RECORDS SHOWN Start Marker

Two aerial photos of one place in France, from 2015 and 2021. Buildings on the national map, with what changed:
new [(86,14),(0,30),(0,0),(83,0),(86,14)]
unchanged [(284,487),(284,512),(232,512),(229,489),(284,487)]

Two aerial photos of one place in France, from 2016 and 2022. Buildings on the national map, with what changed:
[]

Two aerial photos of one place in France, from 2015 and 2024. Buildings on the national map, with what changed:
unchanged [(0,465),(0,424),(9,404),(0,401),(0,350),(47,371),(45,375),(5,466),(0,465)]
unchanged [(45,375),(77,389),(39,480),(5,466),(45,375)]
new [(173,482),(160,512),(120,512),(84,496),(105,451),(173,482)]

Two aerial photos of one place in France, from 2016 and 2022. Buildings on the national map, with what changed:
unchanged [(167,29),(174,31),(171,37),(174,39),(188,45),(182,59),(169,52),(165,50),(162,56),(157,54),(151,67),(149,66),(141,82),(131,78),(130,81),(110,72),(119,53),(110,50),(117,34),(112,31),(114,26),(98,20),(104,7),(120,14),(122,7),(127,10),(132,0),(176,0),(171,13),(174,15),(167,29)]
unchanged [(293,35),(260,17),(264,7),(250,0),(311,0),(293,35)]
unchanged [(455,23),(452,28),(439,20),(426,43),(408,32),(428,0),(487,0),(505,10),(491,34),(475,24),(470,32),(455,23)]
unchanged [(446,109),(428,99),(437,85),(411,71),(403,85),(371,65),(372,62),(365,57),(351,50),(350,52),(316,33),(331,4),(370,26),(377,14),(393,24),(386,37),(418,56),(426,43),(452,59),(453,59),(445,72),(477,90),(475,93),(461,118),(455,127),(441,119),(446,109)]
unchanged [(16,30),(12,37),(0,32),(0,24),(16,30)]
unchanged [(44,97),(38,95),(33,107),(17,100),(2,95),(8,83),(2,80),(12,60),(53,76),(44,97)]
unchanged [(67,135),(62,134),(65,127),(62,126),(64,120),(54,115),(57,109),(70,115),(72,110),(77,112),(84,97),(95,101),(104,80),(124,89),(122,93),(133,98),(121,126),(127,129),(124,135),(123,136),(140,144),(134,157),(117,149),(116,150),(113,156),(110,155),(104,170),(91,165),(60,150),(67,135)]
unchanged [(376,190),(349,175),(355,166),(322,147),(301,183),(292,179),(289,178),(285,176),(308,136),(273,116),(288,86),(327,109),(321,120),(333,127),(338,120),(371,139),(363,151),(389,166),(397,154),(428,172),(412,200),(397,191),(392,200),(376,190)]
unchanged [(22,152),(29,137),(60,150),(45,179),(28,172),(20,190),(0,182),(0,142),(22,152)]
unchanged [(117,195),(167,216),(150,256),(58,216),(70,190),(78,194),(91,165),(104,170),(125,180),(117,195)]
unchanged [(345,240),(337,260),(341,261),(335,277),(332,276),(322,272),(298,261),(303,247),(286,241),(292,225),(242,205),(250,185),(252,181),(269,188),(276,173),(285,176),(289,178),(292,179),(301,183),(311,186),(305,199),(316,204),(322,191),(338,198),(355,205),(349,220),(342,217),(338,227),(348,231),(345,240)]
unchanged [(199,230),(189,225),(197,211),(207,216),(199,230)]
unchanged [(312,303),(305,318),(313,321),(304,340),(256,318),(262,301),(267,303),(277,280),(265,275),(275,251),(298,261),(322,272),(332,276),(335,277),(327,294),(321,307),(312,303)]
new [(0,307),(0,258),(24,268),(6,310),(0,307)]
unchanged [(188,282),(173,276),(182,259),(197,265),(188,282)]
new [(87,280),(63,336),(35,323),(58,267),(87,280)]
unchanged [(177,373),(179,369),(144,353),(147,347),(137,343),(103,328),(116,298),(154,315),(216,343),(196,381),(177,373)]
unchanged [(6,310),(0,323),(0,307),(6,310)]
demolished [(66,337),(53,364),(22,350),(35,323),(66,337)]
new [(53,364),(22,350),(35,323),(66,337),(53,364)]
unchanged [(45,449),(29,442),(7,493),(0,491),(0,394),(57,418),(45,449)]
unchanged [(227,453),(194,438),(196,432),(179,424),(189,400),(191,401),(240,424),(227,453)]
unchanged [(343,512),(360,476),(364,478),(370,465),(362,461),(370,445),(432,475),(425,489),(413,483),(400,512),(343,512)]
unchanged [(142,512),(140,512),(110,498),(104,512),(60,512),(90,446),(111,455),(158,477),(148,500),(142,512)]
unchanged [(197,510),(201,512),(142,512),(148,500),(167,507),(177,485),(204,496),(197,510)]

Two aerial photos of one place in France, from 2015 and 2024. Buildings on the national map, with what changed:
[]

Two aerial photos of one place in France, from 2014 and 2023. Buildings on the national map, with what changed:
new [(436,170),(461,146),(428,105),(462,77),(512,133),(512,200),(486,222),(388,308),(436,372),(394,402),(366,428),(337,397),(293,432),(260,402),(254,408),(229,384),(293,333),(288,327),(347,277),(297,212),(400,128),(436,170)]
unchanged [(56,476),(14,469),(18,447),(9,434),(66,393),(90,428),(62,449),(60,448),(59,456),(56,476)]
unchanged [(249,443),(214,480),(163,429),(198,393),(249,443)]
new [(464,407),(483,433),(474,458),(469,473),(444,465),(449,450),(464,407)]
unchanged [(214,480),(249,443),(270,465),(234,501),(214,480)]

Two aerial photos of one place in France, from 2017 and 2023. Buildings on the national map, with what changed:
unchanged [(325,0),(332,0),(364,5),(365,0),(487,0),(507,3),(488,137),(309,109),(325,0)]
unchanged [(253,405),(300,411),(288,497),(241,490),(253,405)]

RECORDS SHOWN End Marker

The material must be duplicated in full, with each line kept exact.

> _OUTPUT FOR THIS TASK_:
Two aerial photos of one place in France, from 2015 and 2021. Buildings on the national map, with what changed:
new [(86,14),(0,30),(0,0),(83,0),(86,14)]
unchanged [(284,487),(284,512),(232,512),(229,489),(284,487)]

Two aerial photos of one place in France, from 2016 and 2022. Buildings on the national map, with what changed:
[]

Two aerial photos of one place in France, from 2015 and 2024. Buildings on the national map, with what changed:
unchanged [(0,465),(0,424),(9,404),(0,401),(0,350),(47,371),(45,375),(5,466),(0,465)]
unchanged [(45,375),(77,389),(39,480),(5,466),(45,375)]
new [(173,482),(160,512),(120,512),(84,496),(105,451),(173,482)]

Two aerial photos of one place in France, from 2016 and 2022. Buildings on the national map, with what changed:
unchanged [(167,29),(174,31),(171,37),(174,39),(188,45),(182,59),(169,52),(165,50),(162,56),(157,54),(151,67),(149,66),(141,82),(131,78),(130,81),(110,72),(119,53),(110,50),(117,34),(112,31),(114,26),(98,20),(104,7),(120,14),(122,7),(127,10),(132,0),(176,0),(171,13),(174,15),(167,29)]
unchanged [(293,35),(260,17),(264,7),(250,0),(311,0),(293,35)]
unchanged [(455,23),(452,28),(439,20),(426,43),(408,32),(428,0),(487,0),(505,10),(491,34),(475,24),(470,32),(455,23)]
unchanged [(446,109),(428,99),(437,85),(411,71),(403,85),(371,65),(372,62),(365,57),(351,50),(350,52),(316,33),(331,4),(370,26),(377,14),(393,24),(386,37),(418,56),(426,43),(452,59),(453,59),(445,72),(477,90),(475,93),(461,118),(455,127),(441,119),(446,109)]
unchanged [(16,30),(12,37),(0,32),(0,24),(16,30)]
unchanged [(44,97),(38,95),(33,107),(17,100),(2,95),(8,83),(2,80),(12,60),(53,76),(44,97)]
unchanged [(67,135),(62,134),(65,127),(62,126),(64,120),(54,115),(57,109),(70,115),(72,110),(77,112),(84,97),(95,101),(104,80),(124,89),(122,93),(133,98),(121,126),(127,129),(124,135),(123,136),(140,144),(134,157),(117,149),(116,150),(113,156),(110,155),(104,170),(91,165),(60,150),(67,135)]
unchanged [(376,190),(349,175),(355,166),(322,147),(301,183),(292,179),(289,178),(285,176),(308,136),(273,116),(288,86),(327,109),(321,120),(333,127),(338,120),(371,139),(363,151),(389,166),(397,154),(428,172),(412,200),(397,191),(392,200),(376,190)]
unchanged [(22,152),(29,137),(60,150),(45,179),(28,172),(20,190),(0,182),(0,142),(22,152)]
unchanged [(117,195),(167,216),(150,256),(58,216),(70,190),(78,194),(91,165),(104,170),(125,180),(117,195)]
unchanged [(345,240),(337,260),(341,261),(335,277),(332,276),(322,272),(298,261),(303,247),(286,241),(292,225),(242,205),(250,185),(252,181),(269,188),(276,173),(285,176),(289,178),(292,179),(301,183),(311,186),(305,199),(316,204),(322,191),(338,198),(355,205),(349,220),(342,217),(338,227),(348,231),(345,240)]
unchanged [(199,230),(189,225),(197,211),(207,216),(199,230)]
unchanged [(312,303),(305,318),(313,321),(304,340),(256,318),(262,301),(267,303),(277,280),(265,275),(275,251),(298,261),(322,272),(332,276),(335,277),(327,294),(321,307),(312,303)]
new [(0,307),(0,258),(24,268),(6,310),(0,307)]
unchanged [(188,282),(173,276),(182,259),(197,265),(188,282)]
new [(87,280),(63,336),(35,323),(58,267),(87,280)]
unchanged [(177,373),(179,369),(144,353),(147,347),(137,343),(103,328),(116,298),(154,315),(216,343),(196,381),(177,373)]
unchanged [(6,310),(0,323),(0,307),(6,310)]
demolished [(66,337),(53,364),(22,350),(35,323),(66,337)]
new [(53,364),(22,350),(35,323),(66,337),(53,364)]
unchanged [(45,449),(29,442),(7,493),(0,491),(0,394),(57,418),(45,449)]
unchanged [(227,453),(194,438),(196,432),(179,424),(189,400),(191,401),(240,424),(227,453)]
unchanged [(343,512),(360,476),(364,478),(370,465),(362,461),(370,445),(432,475),(425,489),(413,483),(400,512),(343,512)]
unchanged [(142,512),(140,512),(110,498),(104,512),(60,512),(90,446),(111,455),(158,477),(148,500),(142,512)]
unchanged [(197,510),(201,512),(142,512),(148,500),(167,507),(177,485),(204,496),(197,510)]

Two aerial photos of one place in France, from 2015 and 2024. Buildings on the national map, with what changed:
[]

Two aerial photos of one place in France, from 2014 and 2023. Buildings on the national map, with what changed:
new [(436,170),(461,146),(428,105),(462,77),(512,133),(512,200),(486,222),(388,308),(436,372),(394,402),(366,428),(337,397),(293,432),(260,402),(254,408),(229,384),(293,333),(288,327),(347,277),(297,212),(400,128),(436,170)]
unchanged [(56,476),(14,469),(18,447),(9,434),(66,393),(90,428),(62,449),(60,448),(59,456),(56,476)]
unchanged [(249,443),(214,480),(163,429),(198,393),(249,443)]
new [(464,407),(483,433),(474,458),(469,473),(444,465),(449,450),(464,407)]
unchanged [(214,480),(249,443),(270,465),(234,501),(214,480)]

Two aerial photos of one place in France, from 2017 and 2023. Buildings on the national map, with what changed:
unchanged [(325,0),(332,0),(364,5),(365,0),(487,0),(507,3),(488,137),(309,109),(325,0)]
unchanged [(253,405),(300,411),(288,497),(241,490),(253,405)]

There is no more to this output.